The io thread reconnect messages are a known noisy behavior

we have other request on this as well:

Bug #72629	Slave security warning printed too often

On the vague is the io thread connected or not, i'm still investigating, everytime i see reconnecting to retry in tests, slave status io running shows : connecting (on 5.6.22)

2014-12-22 22:04:27 19371 [ERROR] Slave I/O: error reconnecting to master 'root@127.0.0.1:3306' - retry-time: 60  retries: 1, Error_code: 2003

 Slave_IO_Running: Connecting

Will investigate some more.

The issue is this:

Normal IO disconnection/Reconnection results in: (omitting the start slave repository spam)

2014-12-22 22:04:27 19371 [Note] Slave I/O thread: Failed reading log event, reconnecting to retry, log 'binlog-bin.000030' at position 120
2014-12-22 22:04:27 19371 [ERROR] Slave I/O: error reconnecting to master 'root@127.0.0.1:3306' - retry-time: 60  retries: 1, Error_code: 2003

At this point slave status will show io thread status of "connecting"..., once it does reconnect:

2014-12-22 22:13:27 19371 [ERROR] Slave I/O: error reconnecting to master 'root@127.0.0.1:3306' - retry-time: 60  retries: 10, Error_code: 2003
2014-12-22 22:14:27 19371 [Note] Slave: connected to master 'root@127.0.0.1:3306',replication resumed in log 'binlog-bin.000030' at position 120

Now it's possible to reproduce the lack of the slave io thread connected ack if one kills the binlog thread on the master:

2015-01-16 13:22:34 1862 [Note] Slave I/O thread: Failed reading log event, reconnecting to retry, log 'shannons-binlog-bin.000006' at position 120
2015-01-16 13:22:34 1862 [Warning] Storing MySQL user name or password information in the master info repository is not secure and is therefore not recommended. Please consider using the USER and PASSWORD connection options for START SLAVE; see the 'START SLAVE Syntax' in the MySQL Manual for more information.

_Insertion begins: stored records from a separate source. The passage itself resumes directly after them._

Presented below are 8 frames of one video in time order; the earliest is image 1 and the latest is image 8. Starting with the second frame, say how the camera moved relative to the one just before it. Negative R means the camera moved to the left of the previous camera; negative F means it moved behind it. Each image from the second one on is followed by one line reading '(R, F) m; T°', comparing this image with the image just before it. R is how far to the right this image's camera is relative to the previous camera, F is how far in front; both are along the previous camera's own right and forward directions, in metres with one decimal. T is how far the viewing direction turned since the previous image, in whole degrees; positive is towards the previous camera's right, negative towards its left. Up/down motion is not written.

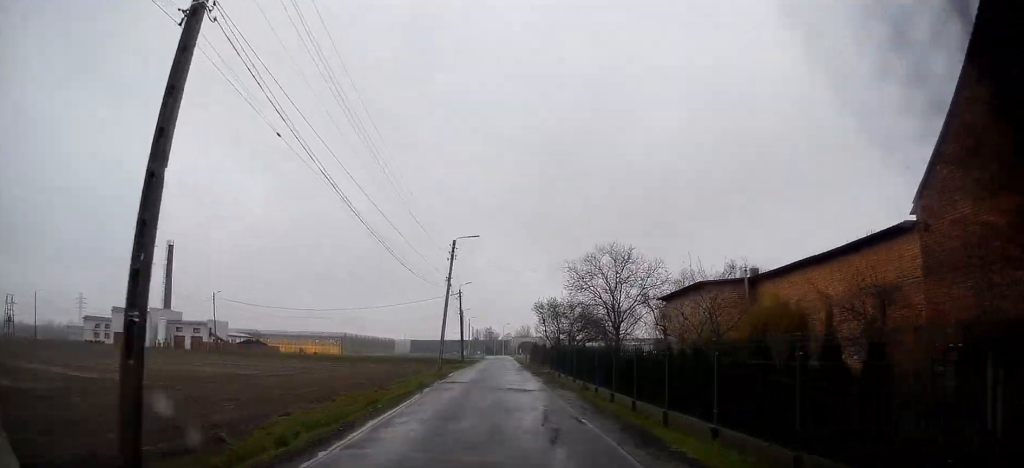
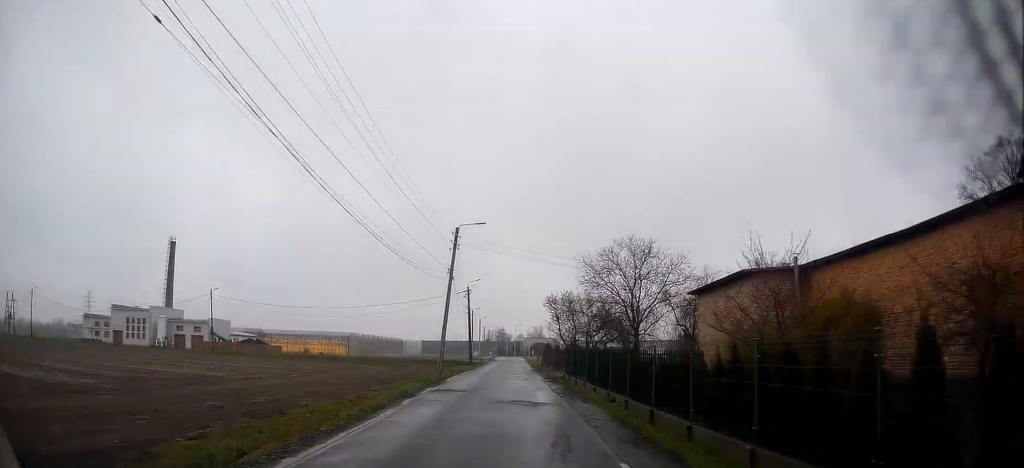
(0.0, +4.0) m; 0°
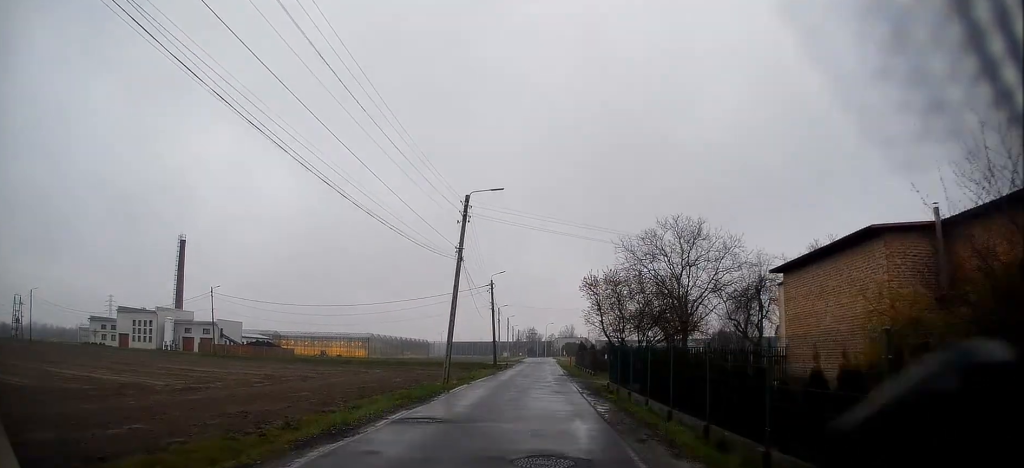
(+0.2, +7.2) m; +1°
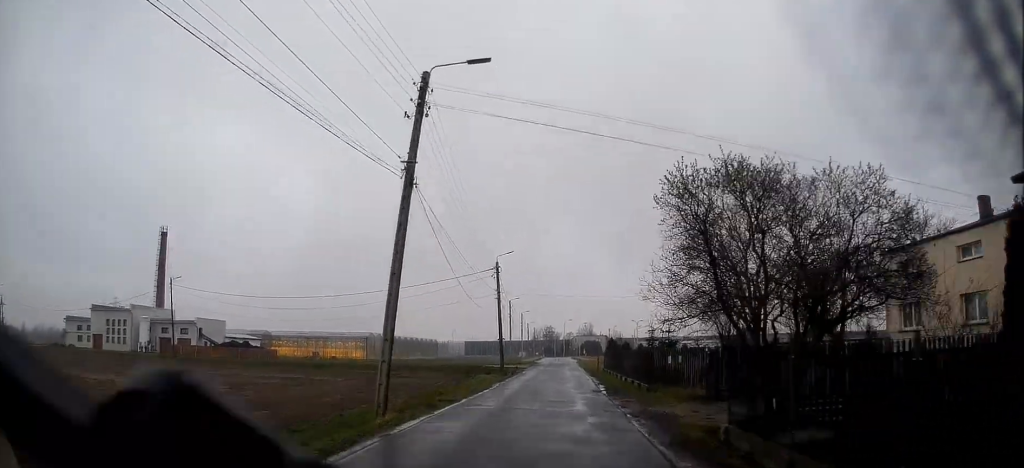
(-0.2, +12.5) m; -4°
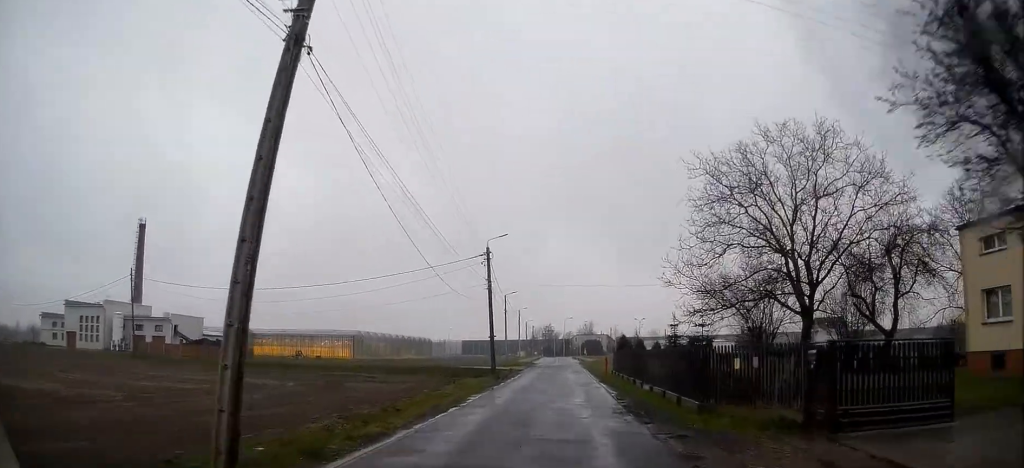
(-0.2, +7.0) m; -1°
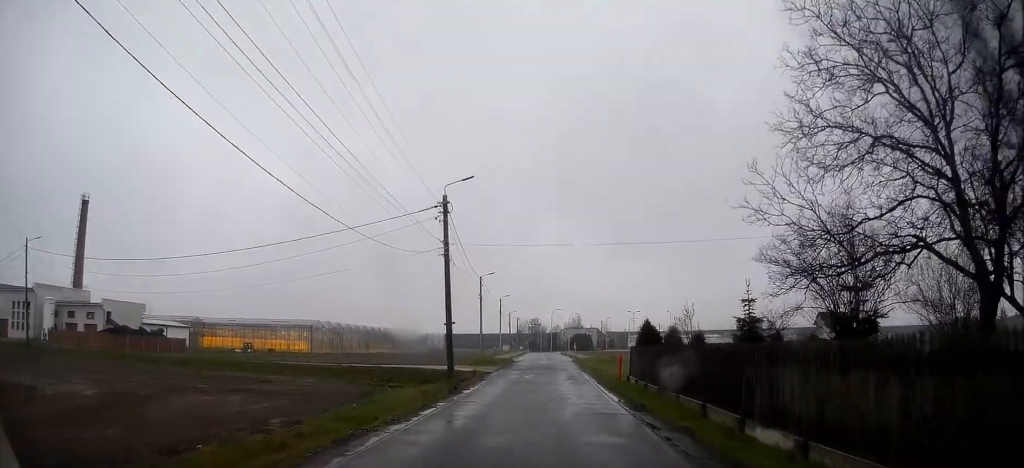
(0.0, +13.1) m; +1°
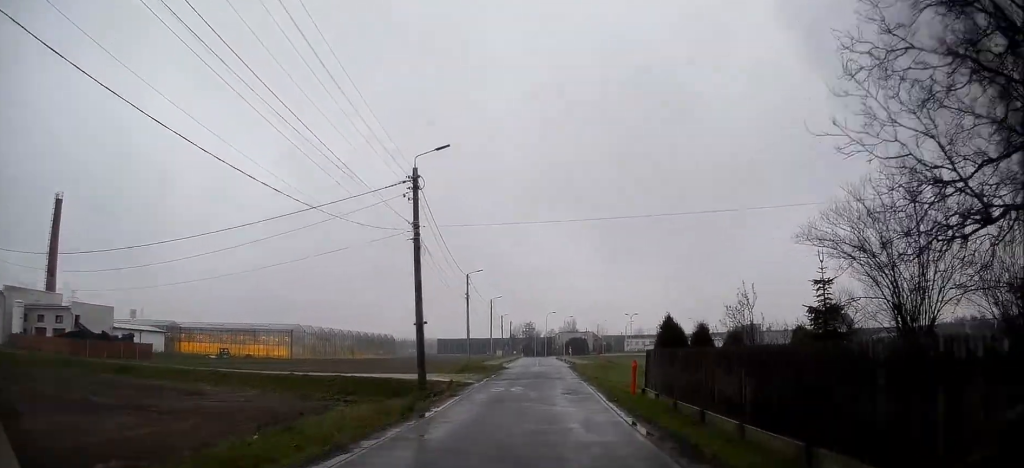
(0.0, +5.2) m; +1°
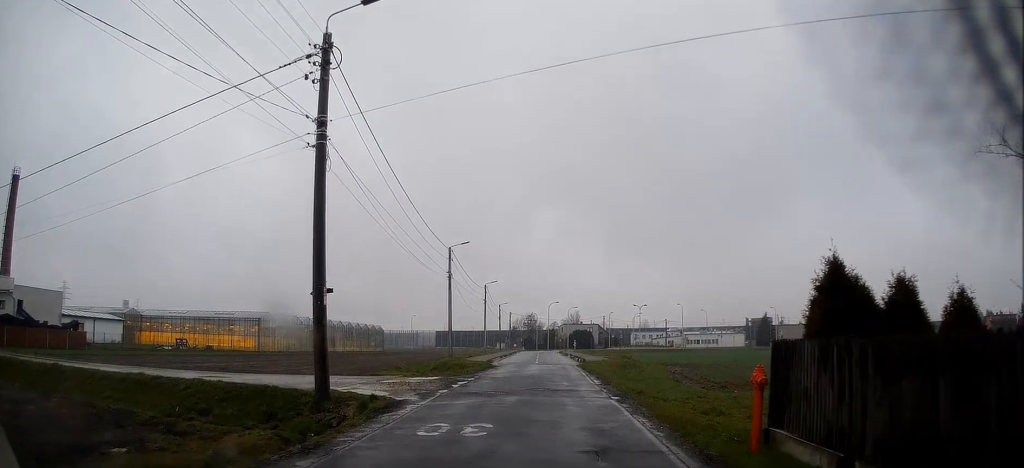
(0.0, +10.6) m; 0°

^ the above is all that will be logged when the master recreates the binlog dump thread.

To reproduce, setup a slave, kill the master binlog dump thread while tailing the slave error log. Suppose this can happen with brief network events as well.

Either way the above doesn't seem correct, if we're reconnecting it should log when it has reconnected as the original filer states.

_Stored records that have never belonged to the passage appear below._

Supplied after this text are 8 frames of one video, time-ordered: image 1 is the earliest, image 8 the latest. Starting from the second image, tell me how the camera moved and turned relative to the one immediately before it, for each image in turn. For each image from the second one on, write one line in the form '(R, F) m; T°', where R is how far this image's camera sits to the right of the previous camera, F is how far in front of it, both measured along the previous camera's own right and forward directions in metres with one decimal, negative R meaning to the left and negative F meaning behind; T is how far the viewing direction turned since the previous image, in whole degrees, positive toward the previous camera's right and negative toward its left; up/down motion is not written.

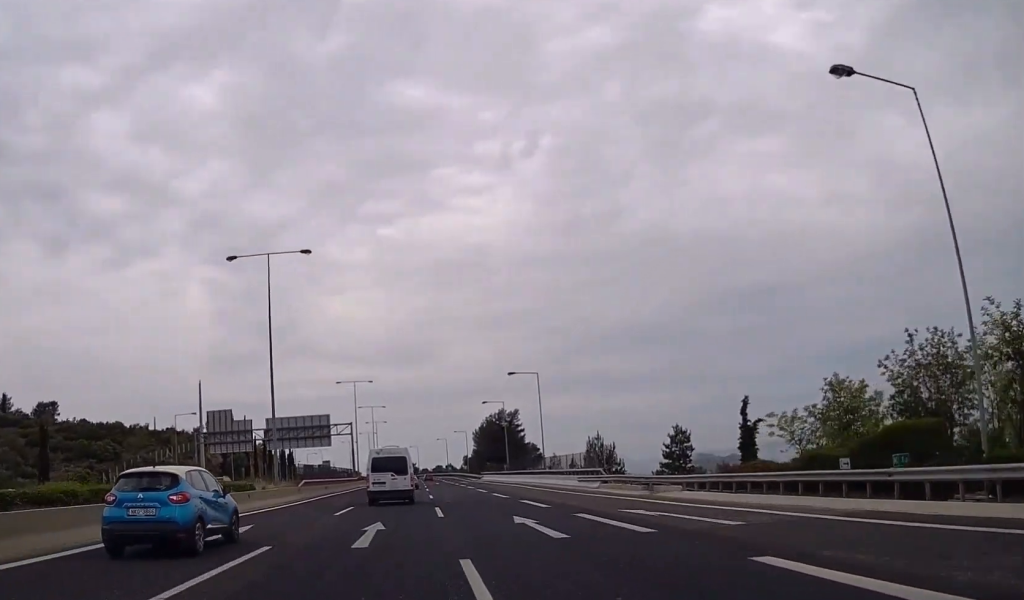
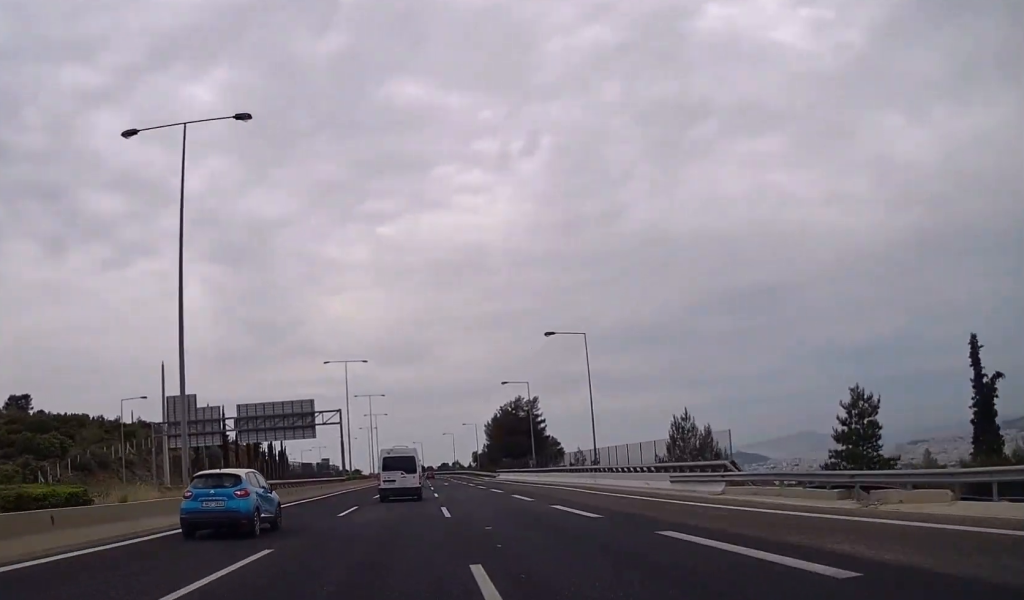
(+0.1, +18.6) m; 0°
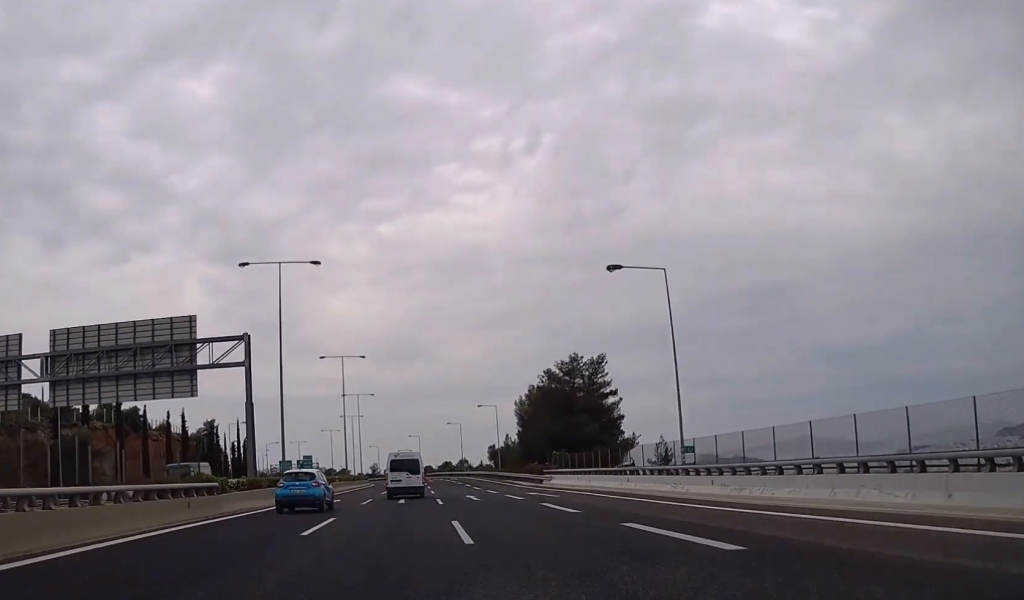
(-0.3, +44.1) m; -1°
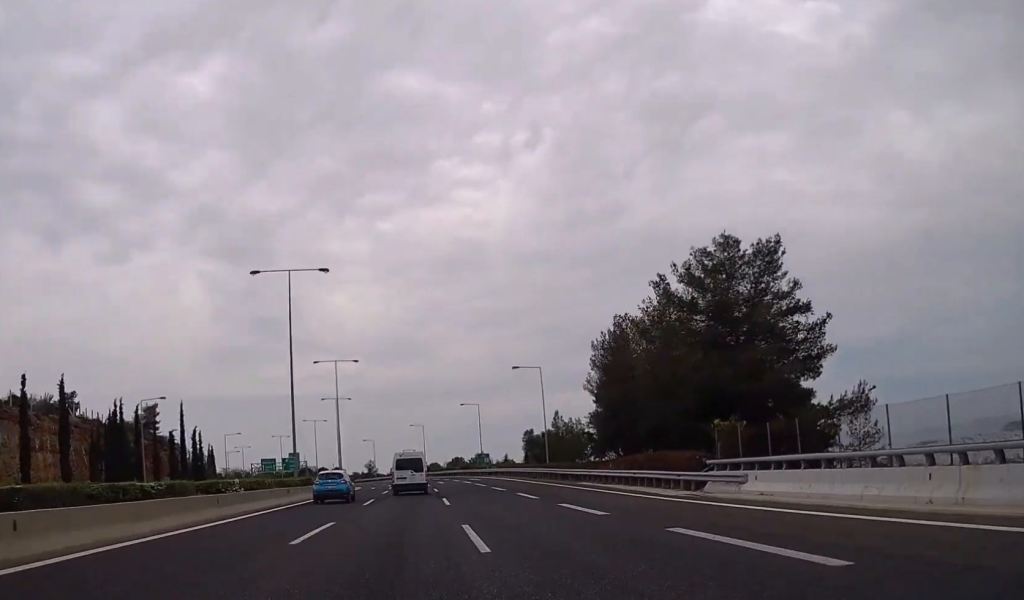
(0.0, +38.9) m; 0°
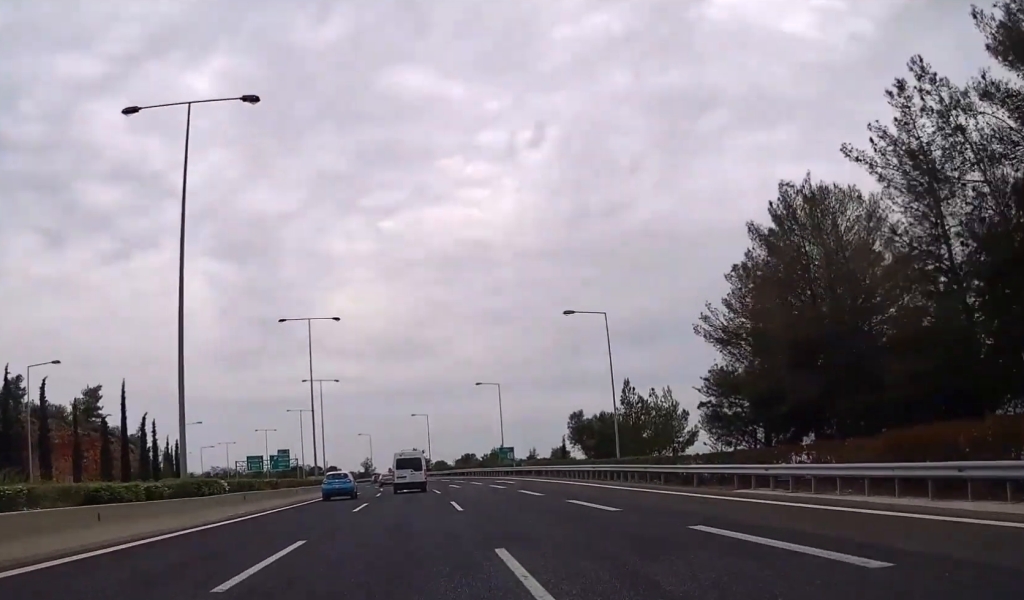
(+0.1, +23.9) m; 0°
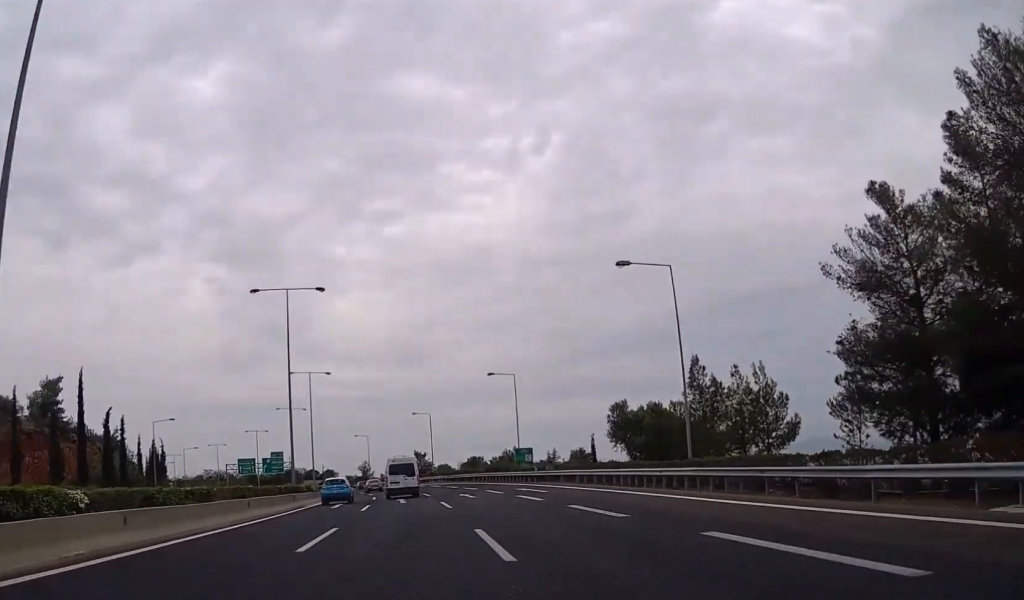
(-0.1, +12.5) m; 0°
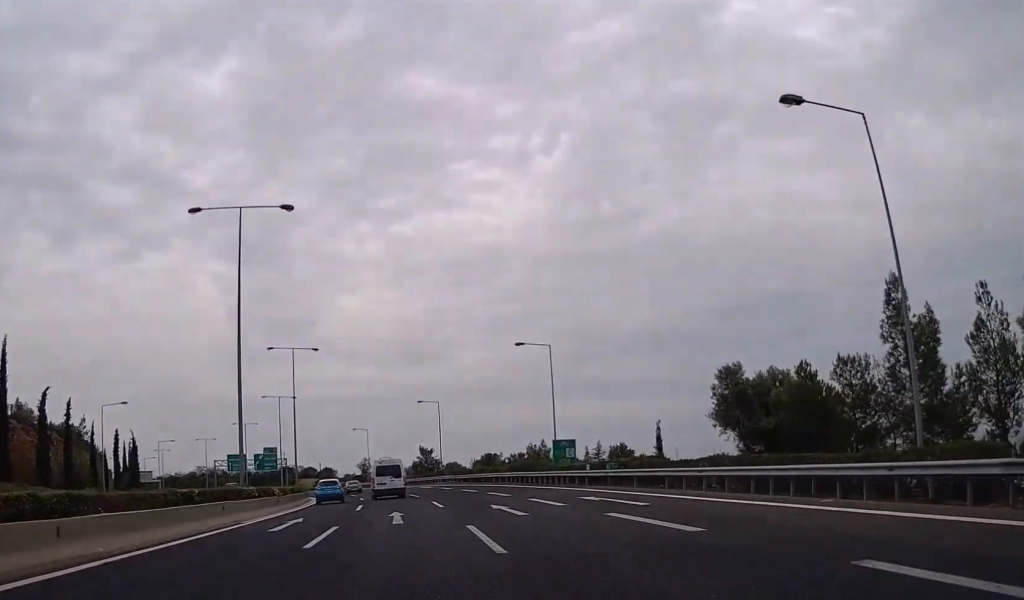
(0.0, +16.9) m; 0°
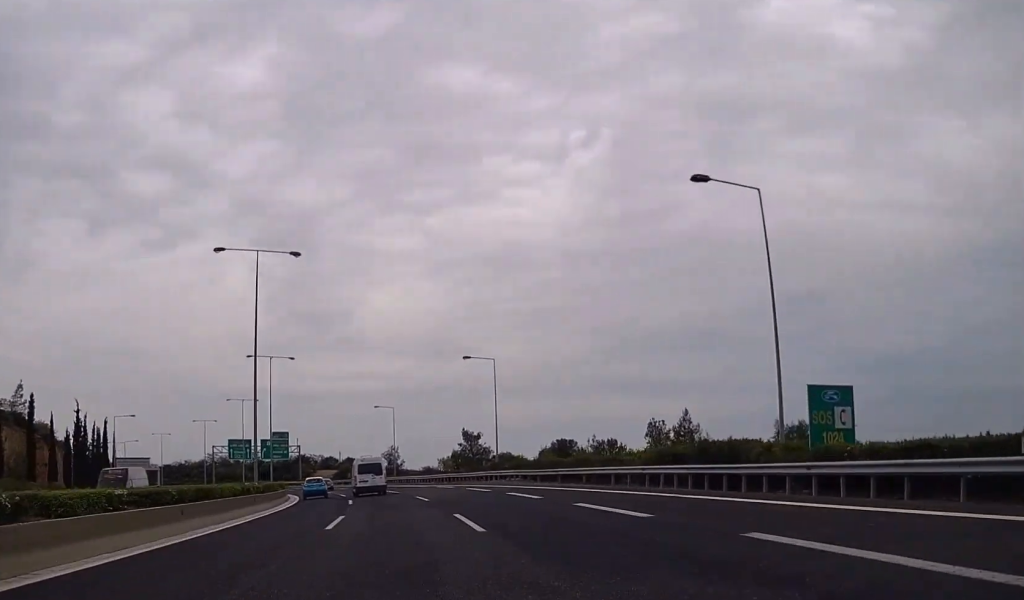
(-0.2, +32.1) m; -2°

Verified as described see test in previous comment to reproduce io reconnection confusion with no ack there was actually a successful reconnect.

While usually I stop a slave connection cleanly on a slave (STOP SLAVE) sometimes I have to kill the connections on the master (KILL <slave_thread_id_on_master>), so it may not just be network "drops" that cause this, but deliberate cleanups by the DBA, or even maintenance on the master, or for example a vip being taken down and brought up again.  Under good circumstances once a slave is working this type of logging is infrequent, but if these situations occur it's really good to see the (change in) state of the I/O thread in the slave's log.

So the logging should IMO show the correct connection being made, when disconnections happen, and periodically if retrying to connect indicate the connection is down. (if the logging clearly shows the i/o thread is not connected that's less important of course but it's good to know there's a continuing connection problem.)